It is well known that: $$\max(a,b) = \frac12(a+b)+\frac12|a-b|$$ and similarly: $$\min(a,b) = \frac12(a+b)-\frac12|a-b|.$$ In fact, they are equivalent since $\max(a,b) = -\min(-a,-b)$. We can try generalizing these representations to more arguments. One obvious approach is to do the following: $$\max(a,b,c) = \max(a,\frac12|b+c|+\frac12|b-c|)$$ and then again use the previous expression. However, the final expression is quite messy and not obviously symmetric under permuting the $3$ variables. Is there a neater expression?
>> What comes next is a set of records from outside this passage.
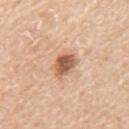notes: no biopsy performed (imaged during a skin exam) | automated metrics: a lesion color around L≈59 a*≈21 b*≈33 in CIELAB, a lesion–skin lightness drop of about 15, and a lesion-to-skin contrast of about 9.5 (normalized; higher = more distinct); a detector confidence of about 100 out of 100 that the crop contains a lesion | patient: male, roughly 70 years of age | body site: the mid back | imaging modality: ~15 mm crop, total-body skin-cancer survey.
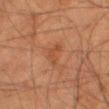• follow-up: no biopsy performed (imaged during a skin exam)
• acquisition: total-body-photography crop, ~15 mm field of view
• location: the right thigh
• subject: male, about 80 years old
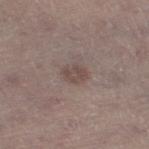Findings:
• biopsy status: total-body-photography surveillance lesion; no biopsy
• image: ~15 mm crop, total-body skin-cancer survey
• patient: male, aged around 65
• TBP lesion metrics: a border-irregularity rating of about 2/10, internal color variation of about 2 on a 0–10 scale, and a peripheral color-asymmetry measure near 0.5; an automated nevus-likeness rating near 15 out of 100 and a detector confidence of about 100 out of 100 that the crop contains a lesion
• anatomic site: the left thigh
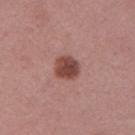follow-up: total-body-photography surveillance lesion; no biopsy | image: total-body-photography crop, ~15 mm field of view | lighting: white-light illumination | subject: female, aged 48 to 52 | automated lesion analysis: a lesion area of about 6 mm² and an outline eccentricity of about 0.45 (0 = round, 1 = elongated); an average lesion color of about L≈45 a*≈24 b*≈24 (CIELAB), a lesion–skin lightness drop of about 14, and a normalized border contrast of about 10.5; border irregularity of about 2 on a 0–10 scale, a color-variation rating of about 3/10, and peripheral color asymmetry of about 1 | lesion diameter: ≈2.5 mm | anatomic site: the right upper arm.

I expect there should be some form in the general case of $n$ variables as a sum over the permutations in $S_n$ with some sort of sign but it is not entirely clear...
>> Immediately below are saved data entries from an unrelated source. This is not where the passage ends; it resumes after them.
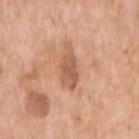Q: Was this lesion biopsied?
A: total-body-photography surveillance lesion; no biopsy
Q: Lesion location?
A: the arm
Q: Who is the patient?
A: female, aged 73 to 77
Q: What is the imaging modality?
A: total-body-photography crop, ~15 mm field of view
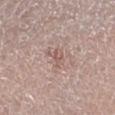Captured during whole-body skin photography for melanoma surveillance; the lesion was not biopsied.
Cropped from a total-body skin-imaging series; the visible field is about 15 mm.
The tile uses white-light illumination.
A female patient, aged 63 to 67.
The lesion is located on the right forearm.

Edit: This question answers the $n=3$ case. I am still interested in the general $n$ case or alternative representations for $n=3$.
If we apply the three powers of the permutation $(a \ b \ c)$ to the "obvious" recursive expression and add, we get $$ \max(a, \max(b, c)) + \max(b, \max(c, a)) + \max(c, \max(a, b)) \text{.} $$
Clearly all three of these terms have the same value, so one-third of them is the value sought. Applying the definition in terms of absolute values and simplifying a bit, we get $$ \frac{1}{12} (4 a + 4 b + 4 c + |a - b| + |a - c| + |b - c| + \left| 2 a - b - c - | b - c | \right| + \left| a - 2 b + c + | a - c | \right| + \left|a + b - 2 c + |a - b| \right| ) \text{,} $$ which demonstrates the symmetry you were wanting.
Note that we input that symmetry by hand. There might be a way to get there from the $\max(a,\max(b,c))$ form, but I bet it requires a lot of "insight".